Montezuma County’s proposed sales tax to fund broadband internet dominated the discussion during the commissioners’ first quarterly community meeting on Monday.
Forty people showed up at the county annex building, and about a dozen questioned the commissioners on issues including the proposed internet sales tax, weed control, Phil’s World expansion, and tenets of democracy and socialism.
The 1 percent sales tax would fund a fiber-optic broadband utility, which is expected to cost $39 million and generate $1.7 million to $2 million per year in revenue. The tax would apply to most goods purchased in the county and in Cortez, Mancos and Dolores. Registered voters in the county and Ute Mountain Ute reservation may vote on the ballot issue in the November general election.
“It will bring opportunity for business, for education and for telemedicine,” Cortez Mayor Karen Sheek said at Monday’s meeting. “Broadband has become the fourth utility, and essential for our community to grow and thrive. The longer we wait, the more expensive it gets.”
Sheek said high-speed internet would attract and retain large companies like Osprey, which has been in business in Montezuma County since 1990. High-speed internet also would help home-based businesses, which, she said, represent 20 percent of all businesses in the county.

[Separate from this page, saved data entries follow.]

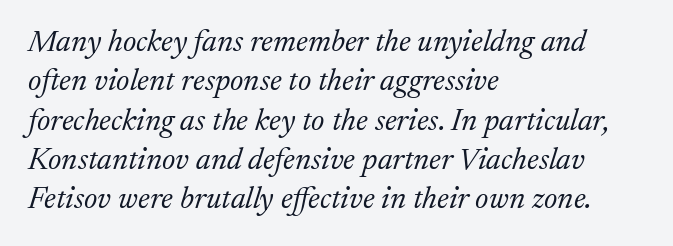
Q: Is the text bold? A: No.
Q: Is the text italic (slanted)? A: Yes, it leans right by about 17 degrees.
Q: Is the typeface a serif or a sans-serif typeface? A: Serif.
Q: Is the text underlined? A: No.
Q: How is the paragraph aligned? A: Left-aligned.
Q: Is the spacing between letters normal or unusually wide? A: Normal.
Q: Is the spacing between lines tight, normal or loose? A: Normal.
Q: Width (condensed, normal, or wide)? A: Normal.
Q: Stroke contrast? A: Medium.
Q: x-height? A: Medium.
Q: Monospaced? A: No.

Other community members balked at the $39 million price tag and use of revenue bonds to finance the project.
“When you borrow money, you become a servant to the lender, and our kids and grandkids have to pay it back,” said Debbie Boyd. “If we want something, let’s fundraise the money and buy it. With sweat equity, it will be more appreciated.”
One resident said that people want more detail about the proposed broadband network, such as how it would work, the cost to customers, and the terms of the tax, said one resident.
Commissioner Keenan Ertel said the tax would sunset after a certain period of time. The $1.5 million to $2 million generated per year would be earmarked to fund high-speed internet infrastructure and pay off the project’s debt service.
More technical infrastructure details are forthcoming, officials said.
The internet project hinges on a vote to opt out of Colorado Senate Bill 152, which prohibits municipalities from creating their own broadband networks. Both the SB 152 and sales tax issues would be on the November ballot.
The county wouldn’t be in the business of offering internet service. Instead, the county would to build the high-speed network through a broadband authority, then let private industry use it to provide competitive services under an open-access system.
“But if the voters don’t opt out of SB 152, the project is null and void,” Ertel said.
“We’re not making the decision,” added commissioner James Lambert. “It is our obligation to ask the voters to make the decision.”
Commissioner Larry Don Suckla said improved internet service for the county would “propel the community forward,” but if there were a red flag, the county could change its plan.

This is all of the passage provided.